(Beginning of EXERCISE MATERIAL)

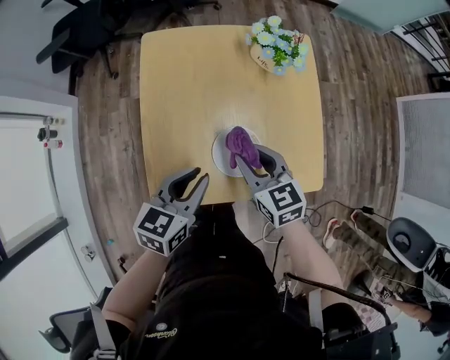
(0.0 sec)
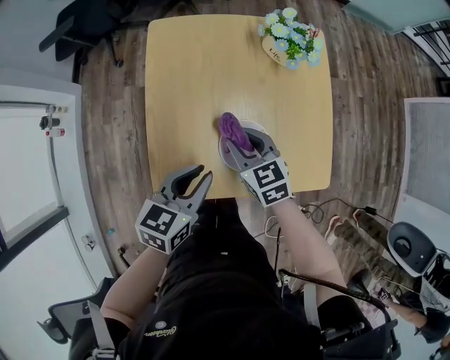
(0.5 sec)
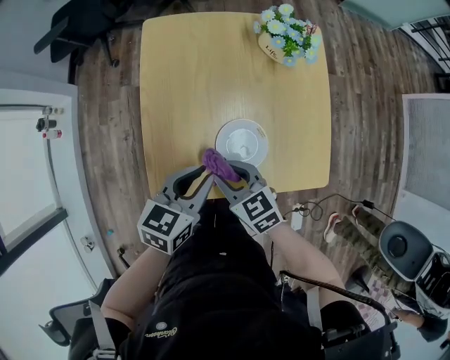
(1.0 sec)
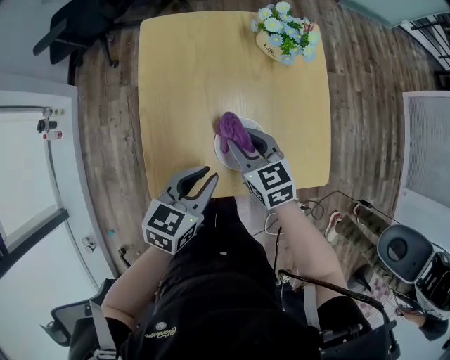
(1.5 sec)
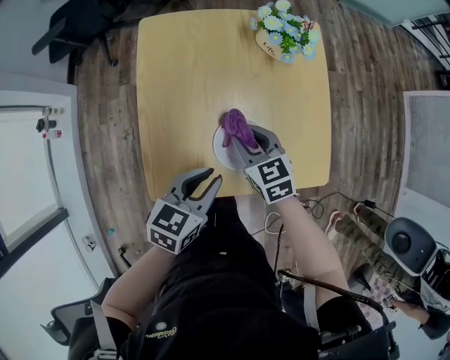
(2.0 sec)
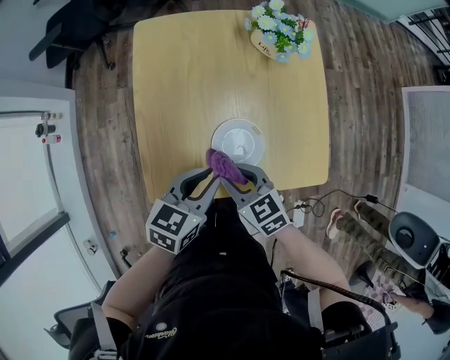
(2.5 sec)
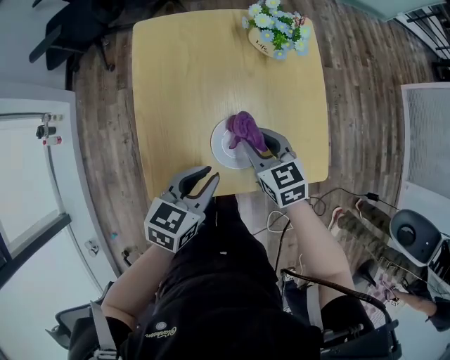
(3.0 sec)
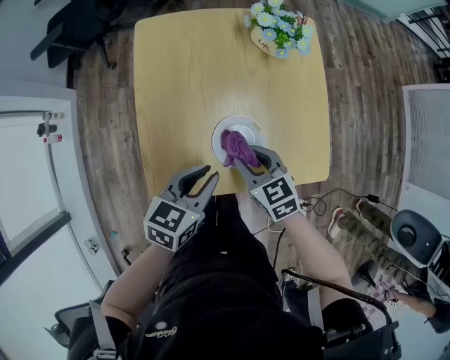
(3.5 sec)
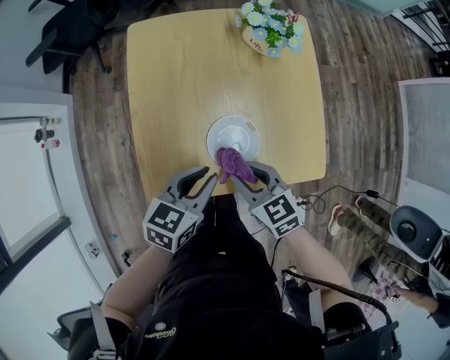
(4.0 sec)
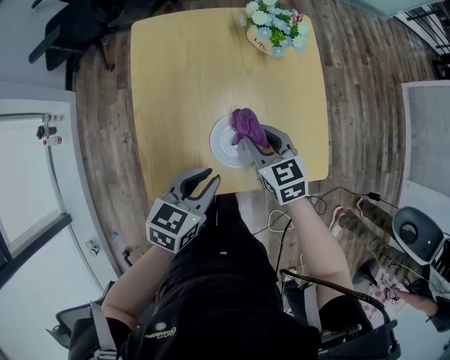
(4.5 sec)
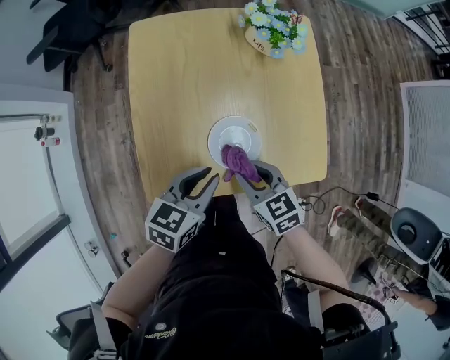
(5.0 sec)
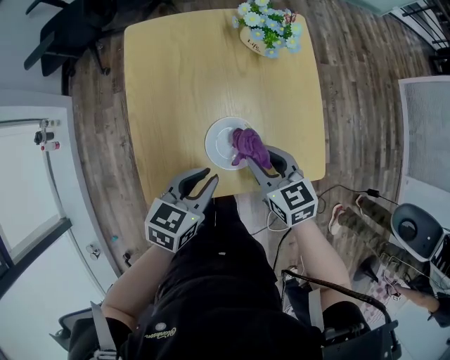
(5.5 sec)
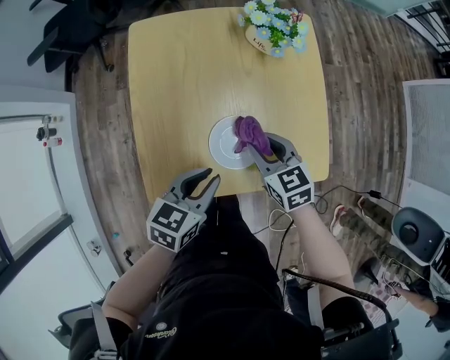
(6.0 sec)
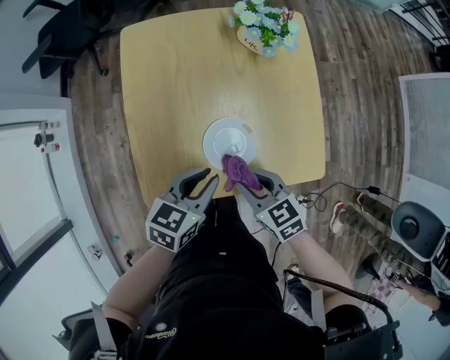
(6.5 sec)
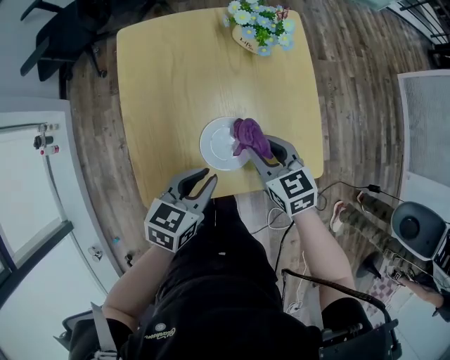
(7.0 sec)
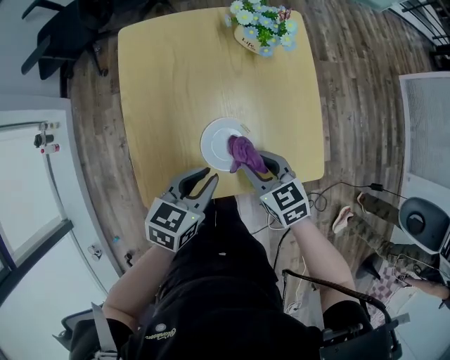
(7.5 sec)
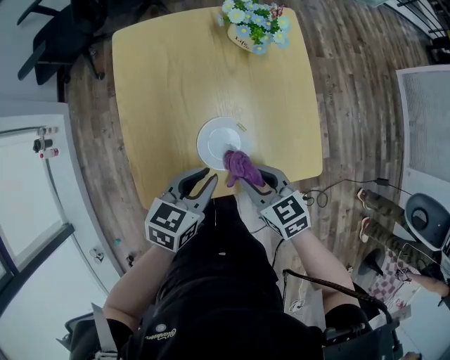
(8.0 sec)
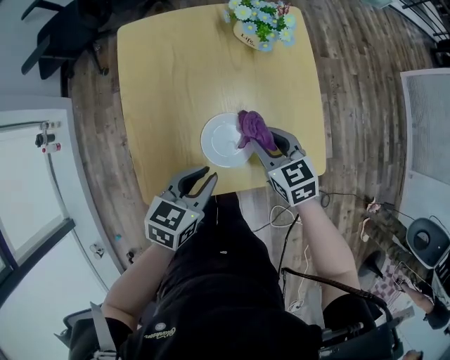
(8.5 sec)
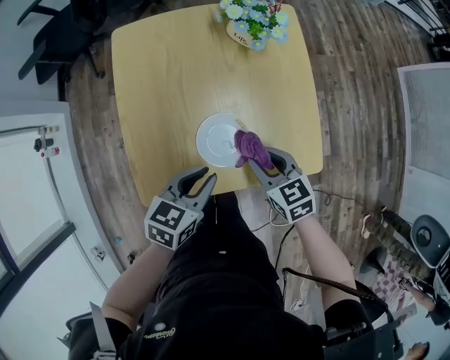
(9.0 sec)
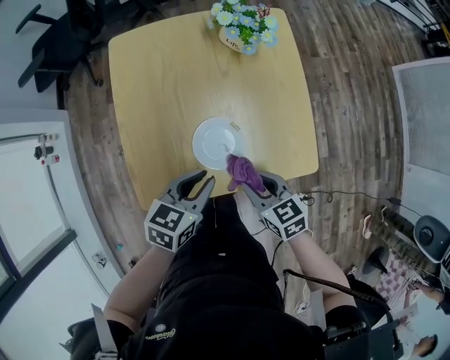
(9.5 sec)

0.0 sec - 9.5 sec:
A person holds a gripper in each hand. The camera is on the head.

(End of EXERCISE MATERIAL)

■ **ASSIGNMENT**: Restate the data above word for word. Do not include the images.

■ **SOLUTION FOR THIS PROBLEM**:
(0.0 sec)
(0.5 sec)
(1.0 sec)
(1.5 sec)
(2.0 sec)
(2.5 sec)
(3.0 sec)
(3.5 sec)
(4.0 sec)
(4.5 sec)
(5.0 sec)
(5.5 sec)
(6.0 sec)
(6.5 sec)
(7.0 sec)
(7.5 sec)
(8.0 sec)
(8.5 sec)
(9.0 sec)
(9.5 sec)

0.0 sec - 9.5 sec:
A person holds a gripper in each hand. The camera is on the head.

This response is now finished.